También aprendemos que existen otros lazos, esos que llegan cuando elegimos a alguien y su historia se mezcla con la nuestra. Familias de sangre ensamblada, donde conviven hijos, ex parejas, afectos heredados y nuevas formas de quererse. Intentamos construir desde el respeto, desde la empatía, creyendo que el amor alcanza para ordenar lo que viene fragmentado.
Muchas veces incluso colaboramos para recomponer vínculos entre padres e hijos, desde el deseo sincero de que reine la armonía. Pero con el tiempo entendemos que no siempre vale la pena, que cuando la herida es profunda, la marca duele y que no todo puede o debe ser reparado por uno. Entonces dejamos de actuar para que cada quien asuma su parte y cuidar el lugar que sí nos corresponde.

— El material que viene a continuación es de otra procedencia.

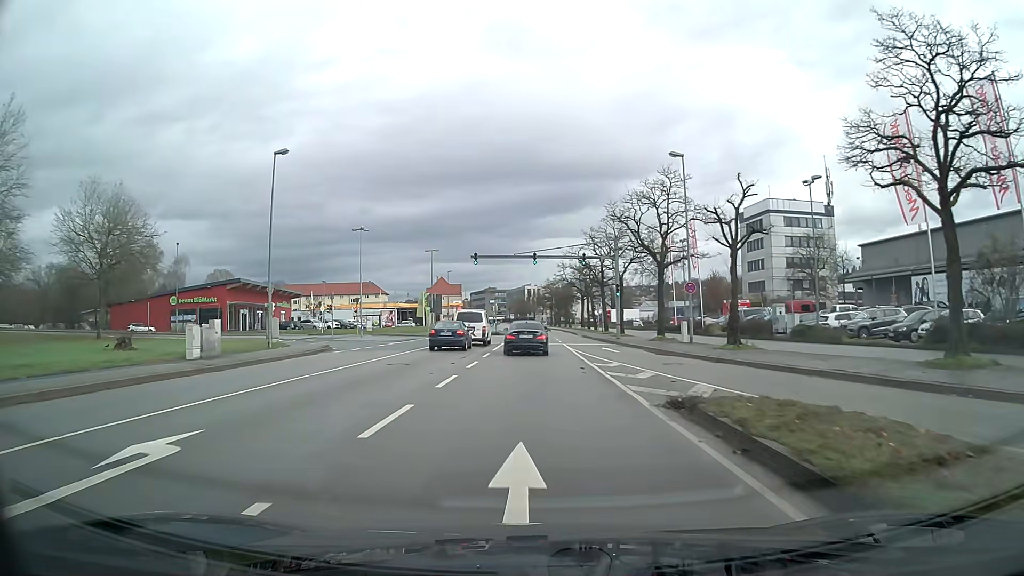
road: primary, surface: asphalt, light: Day
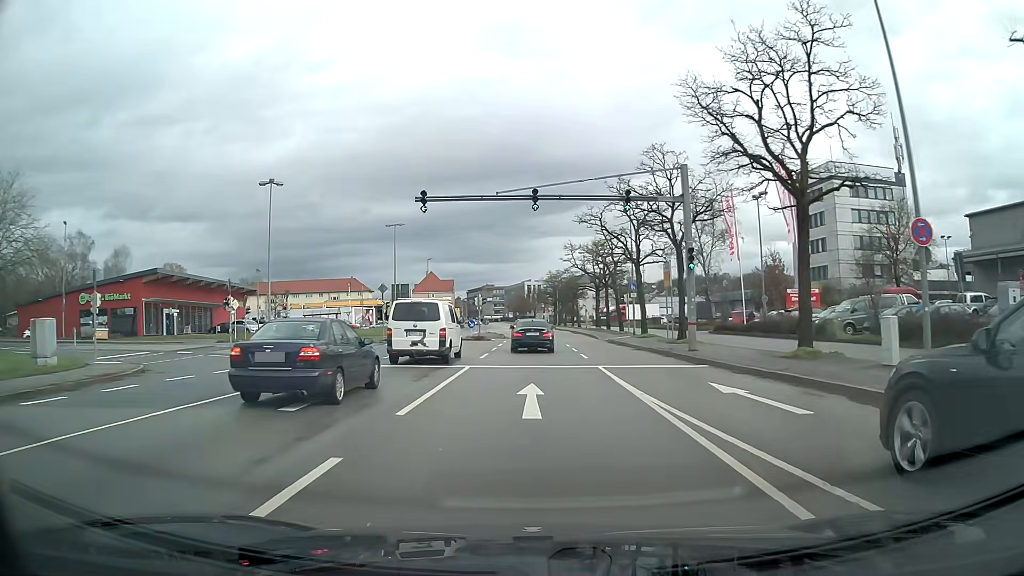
(0.0, +22.4) m; 0°
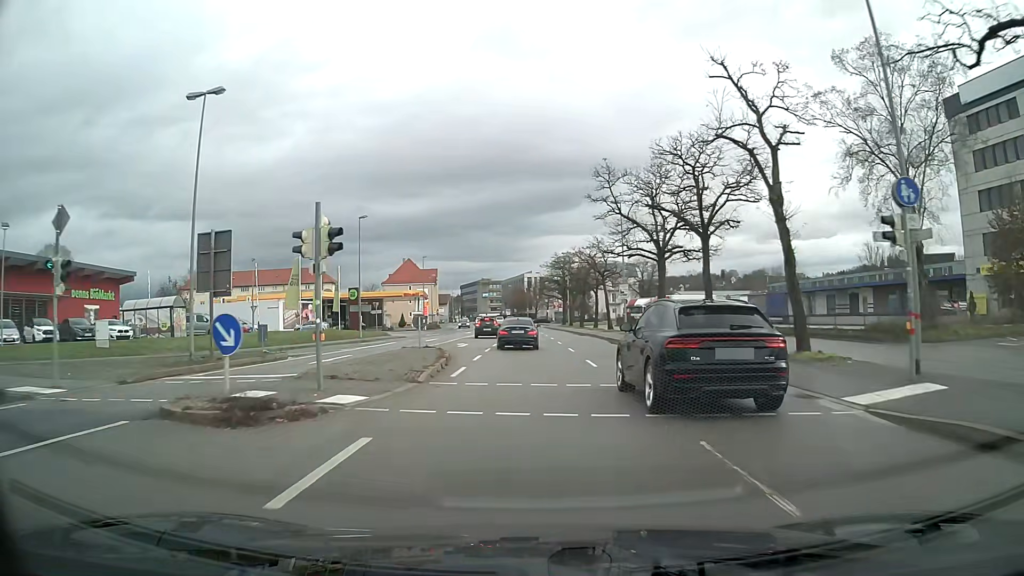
(0.0, +37.8) m; 0°
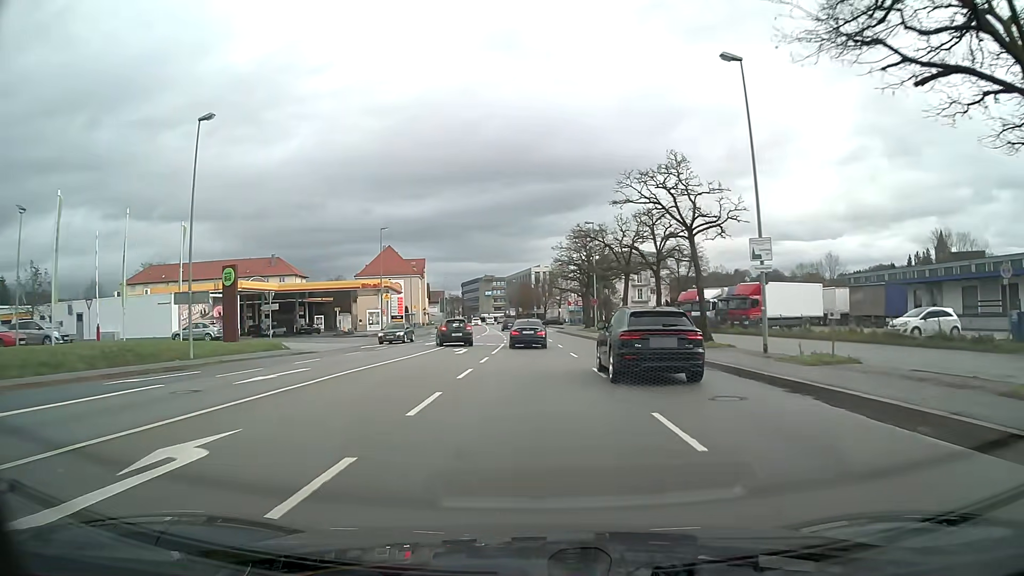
(-0.1, +30.4) m; -1°
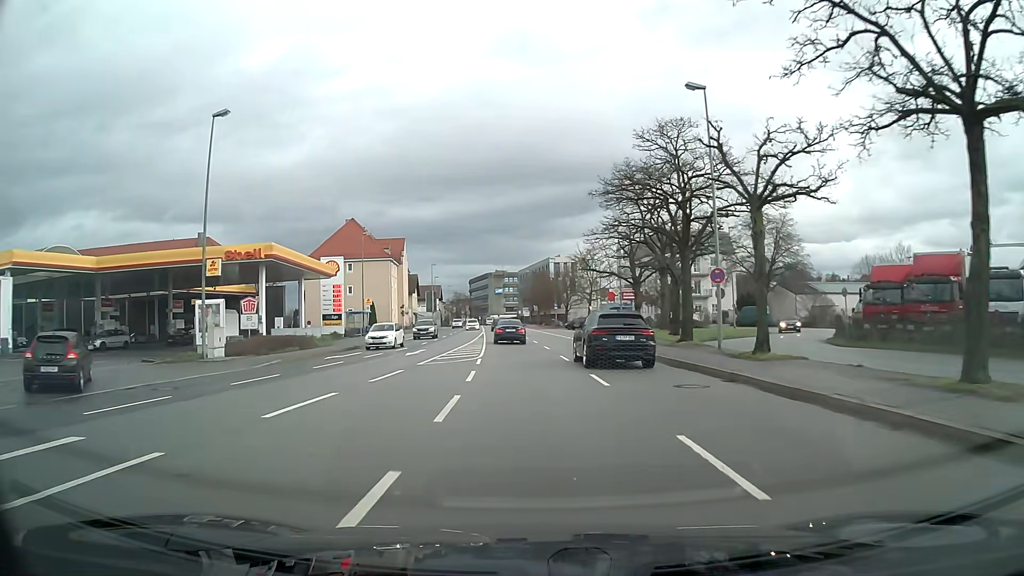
(-0.5, +38.0) m; -2°
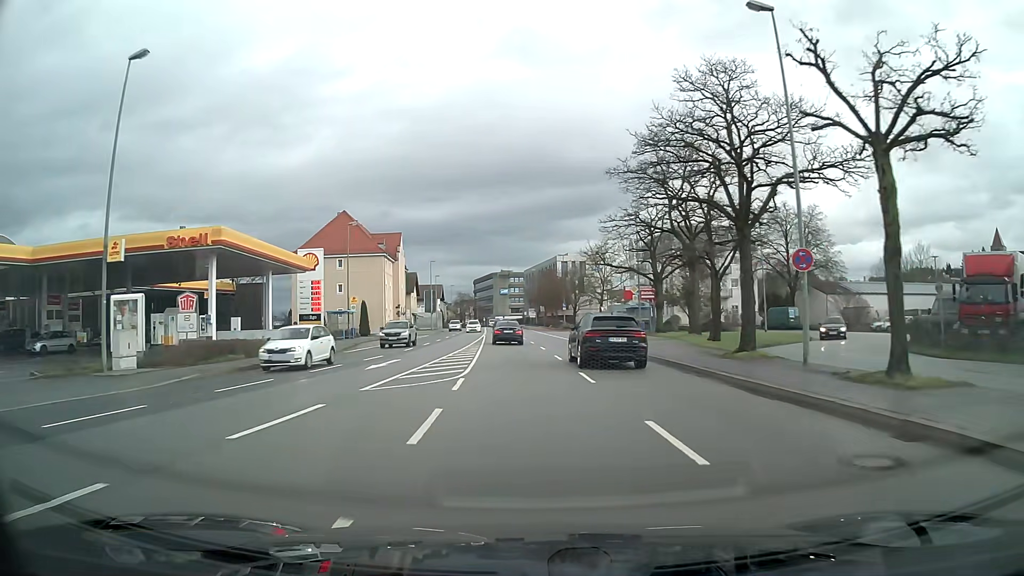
(0.0, +7.6) m; -1°
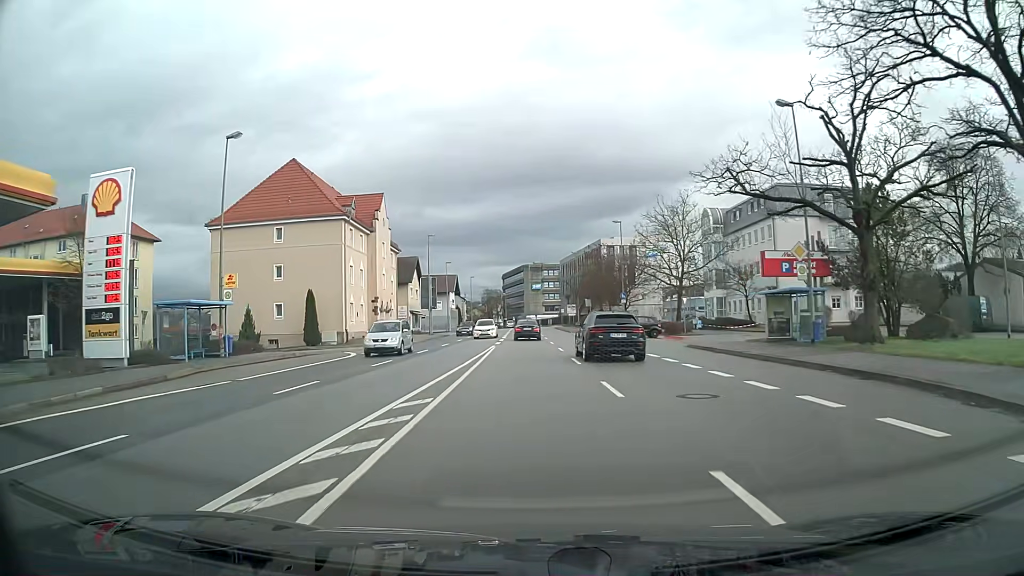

Porque de nada sirve compartir una mesa familiar si después vamos a permitir que se lastime a alguno de sus miembros y no haremos nada para impedirlo. La complicidad también puede disfrazarse de silencio, y el amor no debería confundirse con tolerancia ante el daño.
Así comprendemos que poner distancia no es falta de amor, sino una forma de preservar la paz. Que hay relaciones que solo pueden sostenerse si existe reciprocidad, honestidad y afecto verdadero. Que no todo vínculo merece ser salvado, y que no es egoísmo elegir serenidad antes que conflicto.
A veces, hay que soltar para alcanzar la paz, incluso cuando lo que soltamos lleva el nombre o la apariencia de familia.
(*): periodista de ANÁLISIS.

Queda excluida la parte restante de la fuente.